In April, Biden also promised that the U.S. would cut greenhouse emissions in half by 2030. Much of Biden’s commitment to the environment will hinge on the giant $3.5 trillion federal overhaul pushed by his Democratic Party, but it is facing possible cuts and controversies at home.
During a Russian Energy Week conference last month, Russian President Vladimir Putin stated that his country would aim to become carbon neutral by 2060. The announcement followed a June order by Putin to develop a carbon strategy, and the signing of a climate law in July that represented a move toward systems for green projects and carbon trading. Although Russia ratified the Paris Agreement, there has been little concrete action until recent developments there, as Russia remains the world’s fourth-largest emitter of greenhouse gases. Another possibility being considered in Russia is a pledge to cut net carbon dioxide emissions by 79% from 2019 to 2050. However, this idea remains fluid and may or may not become a firm commitment.

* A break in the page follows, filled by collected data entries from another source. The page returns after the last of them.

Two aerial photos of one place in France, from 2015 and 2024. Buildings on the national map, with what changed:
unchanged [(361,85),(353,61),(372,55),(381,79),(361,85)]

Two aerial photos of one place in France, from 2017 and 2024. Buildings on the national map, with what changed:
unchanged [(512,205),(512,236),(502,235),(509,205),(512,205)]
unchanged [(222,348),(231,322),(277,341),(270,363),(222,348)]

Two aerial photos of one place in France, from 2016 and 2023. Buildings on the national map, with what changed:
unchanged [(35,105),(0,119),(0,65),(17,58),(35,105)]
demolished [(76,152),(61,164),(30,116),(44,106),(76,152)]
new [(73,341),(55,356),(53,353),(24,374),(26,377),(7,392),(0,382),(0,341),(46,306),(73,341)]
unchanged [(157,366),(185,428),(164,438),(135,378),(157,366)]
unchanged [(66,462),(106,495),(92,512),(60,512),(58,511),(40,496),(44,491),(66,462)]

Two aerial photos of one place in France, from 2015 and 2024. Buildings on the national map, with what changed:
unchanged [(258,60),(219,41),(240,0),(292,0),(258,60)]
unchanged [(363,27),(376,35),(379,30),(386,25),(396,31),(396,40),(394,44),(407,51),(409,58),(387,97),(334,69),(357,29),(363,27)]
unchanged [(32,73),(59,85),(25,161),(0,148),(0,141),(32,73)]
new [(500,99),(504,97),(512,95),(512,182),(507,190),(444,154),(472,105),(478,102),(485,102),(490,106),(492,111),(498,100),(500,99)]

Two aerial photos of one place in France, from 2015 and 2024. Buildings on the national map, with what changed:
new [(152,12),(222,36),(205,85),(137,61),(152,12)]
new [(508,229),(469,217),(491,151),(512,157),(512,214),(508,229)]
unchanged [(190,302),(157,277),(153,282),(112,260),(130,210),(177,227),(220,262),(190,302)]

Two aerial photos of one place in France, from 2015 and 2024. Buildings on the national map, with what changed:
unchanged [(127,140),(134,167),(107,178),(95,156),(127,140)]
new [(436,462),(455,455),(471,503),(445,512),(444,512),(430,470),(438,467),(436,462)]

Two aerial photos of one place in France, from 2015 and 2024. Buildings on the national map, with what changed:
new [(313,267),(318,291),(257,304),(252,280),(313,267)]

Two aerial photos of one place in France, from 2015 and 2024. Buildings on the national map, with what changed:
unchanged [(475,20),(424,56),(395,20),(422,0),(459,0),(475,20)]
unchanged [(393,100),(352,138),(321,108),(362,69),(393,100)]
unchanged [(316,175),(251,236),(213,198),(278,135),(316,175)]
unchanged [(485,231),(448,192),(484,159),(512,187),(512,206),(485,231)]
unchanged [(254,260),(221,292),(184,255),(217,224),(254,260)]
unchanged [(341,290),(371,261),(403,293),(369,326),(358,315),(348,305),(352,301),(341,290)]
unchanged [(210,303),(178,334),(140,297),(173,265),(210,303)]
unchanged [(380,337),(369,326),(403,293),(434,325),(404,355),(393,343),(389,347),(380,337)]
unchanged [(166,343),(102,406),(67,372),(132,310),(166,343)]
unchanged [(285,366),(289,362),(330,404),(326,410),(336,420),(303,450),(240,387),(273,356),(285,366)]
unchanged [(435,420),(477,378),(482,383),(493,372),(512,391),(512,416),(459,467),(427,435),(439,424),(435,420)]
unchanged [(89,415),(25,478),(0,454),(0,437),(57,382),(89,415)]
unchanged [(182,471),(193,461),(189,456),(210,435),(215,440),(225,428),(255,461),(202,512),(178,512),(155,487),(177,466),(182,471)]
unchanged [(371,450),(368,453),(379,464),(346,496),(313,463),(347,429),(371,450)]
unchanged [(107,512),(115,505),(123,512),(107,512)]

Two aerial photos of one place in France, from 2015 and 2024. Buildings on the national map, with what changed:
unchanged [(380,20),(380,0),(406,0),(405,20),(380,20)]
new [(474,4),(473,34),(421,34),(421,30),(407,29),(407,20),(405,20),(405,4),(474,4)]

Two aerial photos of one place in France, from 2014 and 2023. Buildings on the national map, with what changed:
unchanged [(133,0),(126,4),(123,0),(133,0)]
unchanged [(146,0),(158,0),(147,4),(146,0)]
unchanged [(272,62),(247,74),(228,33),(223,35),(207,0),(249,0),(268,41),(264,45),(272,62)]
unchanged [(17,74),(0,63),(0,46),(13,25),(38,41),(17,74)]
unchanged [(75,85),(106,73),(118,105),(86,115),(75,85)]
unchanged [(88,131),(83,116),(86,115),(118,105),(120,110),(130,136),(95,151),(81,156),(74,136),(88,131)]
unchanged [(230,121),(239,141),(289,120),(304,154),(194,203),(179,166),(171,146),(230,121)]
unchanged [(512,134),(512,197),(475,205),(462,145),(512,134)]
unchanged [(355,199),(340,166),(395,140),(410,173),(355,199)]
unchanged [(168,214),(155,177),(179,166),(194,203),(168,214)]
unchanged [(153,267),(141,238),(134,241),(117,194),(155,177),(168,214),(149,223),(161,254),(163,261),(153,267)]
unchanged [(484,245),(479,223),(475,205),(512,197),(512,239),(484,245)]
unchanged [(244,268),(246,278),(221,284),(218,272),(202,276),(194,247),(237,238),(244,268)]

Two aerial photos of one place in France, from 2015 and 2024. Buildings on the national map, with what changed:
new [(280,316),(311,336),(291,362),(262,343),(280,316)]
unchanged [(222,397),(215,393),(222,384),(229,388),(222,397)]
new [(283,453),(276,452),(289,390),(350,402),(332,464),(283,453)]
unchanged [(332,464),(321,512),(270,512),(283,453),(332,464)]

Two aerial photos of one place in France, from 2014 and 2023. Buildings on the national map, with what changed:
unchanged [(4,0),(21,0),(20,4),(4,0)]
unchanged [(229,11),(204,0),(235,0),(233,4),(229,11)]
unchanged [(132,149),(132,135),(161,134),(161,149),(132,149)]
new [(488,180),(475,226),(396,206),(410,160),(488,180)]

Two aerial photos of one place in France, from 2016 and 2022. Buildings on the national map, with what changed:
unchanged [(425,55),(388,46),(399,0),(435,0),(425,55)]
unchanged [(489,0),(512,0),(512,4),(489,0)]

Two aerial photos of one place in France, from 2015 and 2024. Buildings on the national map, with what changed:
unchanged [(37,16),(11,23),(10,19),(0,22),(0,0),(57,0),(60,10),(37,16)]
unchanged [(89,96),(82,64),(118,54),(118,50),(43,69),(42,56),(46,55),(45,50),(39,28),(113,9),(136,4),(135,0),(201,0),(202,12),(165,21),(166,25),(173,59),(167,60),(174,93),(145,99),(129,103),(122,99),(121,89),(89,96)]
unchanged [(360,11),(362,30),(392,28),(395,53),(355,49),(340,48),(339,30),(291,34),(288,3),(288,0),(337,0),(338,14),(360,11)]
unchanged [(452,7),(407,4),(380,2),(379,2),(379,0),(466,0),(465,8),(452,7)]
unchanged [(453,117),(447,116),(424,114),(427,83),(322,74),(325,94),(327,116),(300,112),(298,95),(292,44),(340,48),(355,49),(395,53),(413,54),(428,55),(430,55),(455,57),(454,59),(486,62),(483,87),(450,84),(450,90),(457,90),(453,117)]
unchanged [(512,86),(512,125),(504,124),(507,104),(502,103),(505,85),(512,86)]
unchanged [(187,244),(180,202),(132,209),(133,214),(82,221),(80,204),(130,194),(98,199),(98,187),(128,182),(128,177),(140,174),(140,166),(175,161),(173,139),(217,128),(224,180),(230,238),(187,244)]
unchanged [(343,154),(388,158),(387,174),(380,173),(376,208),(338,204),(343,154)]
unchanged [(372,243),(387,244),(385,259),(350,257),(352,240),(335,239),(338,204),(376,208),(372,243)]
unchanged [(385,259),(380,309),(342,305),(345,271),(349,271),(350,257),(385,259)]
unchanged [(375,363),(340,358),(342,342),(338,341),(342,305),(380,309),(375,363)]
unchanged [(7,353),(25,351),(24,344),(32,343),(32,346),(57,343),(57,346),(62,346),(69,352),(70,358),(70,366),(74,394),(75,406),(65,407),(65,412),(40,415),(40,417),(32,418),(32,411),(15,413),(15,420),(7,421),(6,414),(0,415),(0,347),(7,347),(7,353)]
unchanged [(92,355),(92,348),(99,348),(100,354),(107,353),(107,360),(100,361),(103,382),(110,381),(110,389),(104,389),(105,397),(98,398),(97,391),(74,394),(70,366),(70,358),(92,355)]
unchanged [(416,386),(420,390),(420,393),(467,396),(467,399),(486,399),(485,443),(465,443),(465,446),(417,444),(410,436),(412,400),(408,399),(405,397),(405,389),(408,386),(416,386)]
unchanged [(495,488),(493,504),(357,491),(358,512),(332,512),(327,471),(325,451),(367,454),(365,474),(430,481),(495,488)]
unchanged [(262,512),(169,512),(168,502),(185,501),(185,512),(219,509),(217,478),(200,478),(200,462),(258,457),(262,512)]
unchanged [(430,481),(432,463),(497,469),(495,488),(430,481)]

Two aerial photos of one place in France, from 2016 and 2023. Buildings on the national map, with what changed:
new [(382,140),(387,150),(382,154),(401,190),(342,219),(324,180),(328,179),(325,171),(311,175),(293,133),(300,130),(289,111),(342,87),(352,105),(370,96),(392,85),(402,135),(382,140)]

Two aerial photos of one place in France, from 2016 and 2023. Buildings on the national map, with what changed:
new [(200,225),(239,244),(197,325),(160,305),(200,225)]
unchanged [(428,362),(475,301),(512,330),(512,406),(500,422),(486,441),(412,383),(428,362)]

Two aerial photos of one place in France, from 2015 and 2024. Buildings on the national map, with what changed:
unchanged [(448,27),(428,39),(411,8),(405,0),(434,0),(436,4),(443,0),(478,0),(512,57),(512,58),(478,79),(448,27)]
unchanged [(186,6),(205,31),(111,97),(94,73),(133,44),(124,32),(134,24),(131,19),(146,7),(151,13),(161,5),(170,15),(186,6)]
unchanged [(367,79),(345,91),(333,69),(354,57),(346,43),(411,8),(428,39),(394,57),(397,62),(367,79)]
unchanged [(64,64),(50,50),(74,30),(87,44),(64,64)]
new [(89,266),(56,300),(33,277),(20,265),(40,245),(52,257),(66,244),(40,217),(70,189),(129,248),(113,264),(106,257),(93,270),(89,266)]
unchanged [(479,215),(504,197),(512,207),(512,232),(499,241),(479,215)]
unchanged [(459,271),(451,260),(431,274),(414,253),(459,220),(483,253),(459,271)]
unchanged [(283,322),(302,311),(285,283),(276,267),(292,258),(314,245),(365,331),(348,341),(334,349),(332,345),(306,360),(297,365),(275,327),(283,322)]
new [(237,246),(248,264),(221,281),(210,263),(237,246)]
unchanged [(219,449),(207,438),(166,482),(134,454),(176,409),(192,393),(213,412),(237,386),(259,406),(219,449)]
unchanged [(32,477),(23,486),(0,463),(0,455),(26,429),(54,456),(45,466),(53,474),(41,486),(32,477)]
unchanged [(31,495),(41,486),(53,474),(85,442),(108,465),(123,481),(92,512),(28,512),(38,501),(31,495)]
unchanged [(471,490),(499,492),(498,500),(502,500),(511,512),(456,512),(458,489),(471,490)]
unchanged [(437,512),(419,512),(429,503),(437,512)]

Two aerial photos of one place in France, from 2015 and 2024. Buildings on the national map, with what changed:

Earlier this year in China, the nation’s leading economic planning body was put in charge of the initiative to cut greenhouse gases. The nation’s National Development and Reform Commission (NDRC) is now the central body working on this issue, reversing a 2018 move that had put the Ministry of Ecology and Environment (MEE) in charge of greenhouse gas reduction.
The new NDRC plans to call for stepped-up vigilance on climate issues and also changes in the energy and metals sectors of the economy, which are responsible for large amounts of Chinese emissions. The MEE will still have a role to play as it works to keep factories in line by levying fines and implementing other methods. Dangerous pollutants, such as sulfur dioxide, are policed by the MEE, as is air quality.
Like Russia, China also has a 2060 goal for carbon neutrality. Much of the plan will involve a de-emphasis on coal as an energy source, and moves to step up investment in new, cleaner technologies.
Whether or not COP26 achieves its goals will be up to the nations that are attending. Despite the daunting challenges that continue to make climate change outcomes far from certain, hopes and goodwill remain high. As can be seen above, many of the world’s major nations have been stepping up their efforts in recent years, giving cause for hope. Whatever the final outcome, the entire planet will be watching carefully as COP26 unfolds in the days ahead.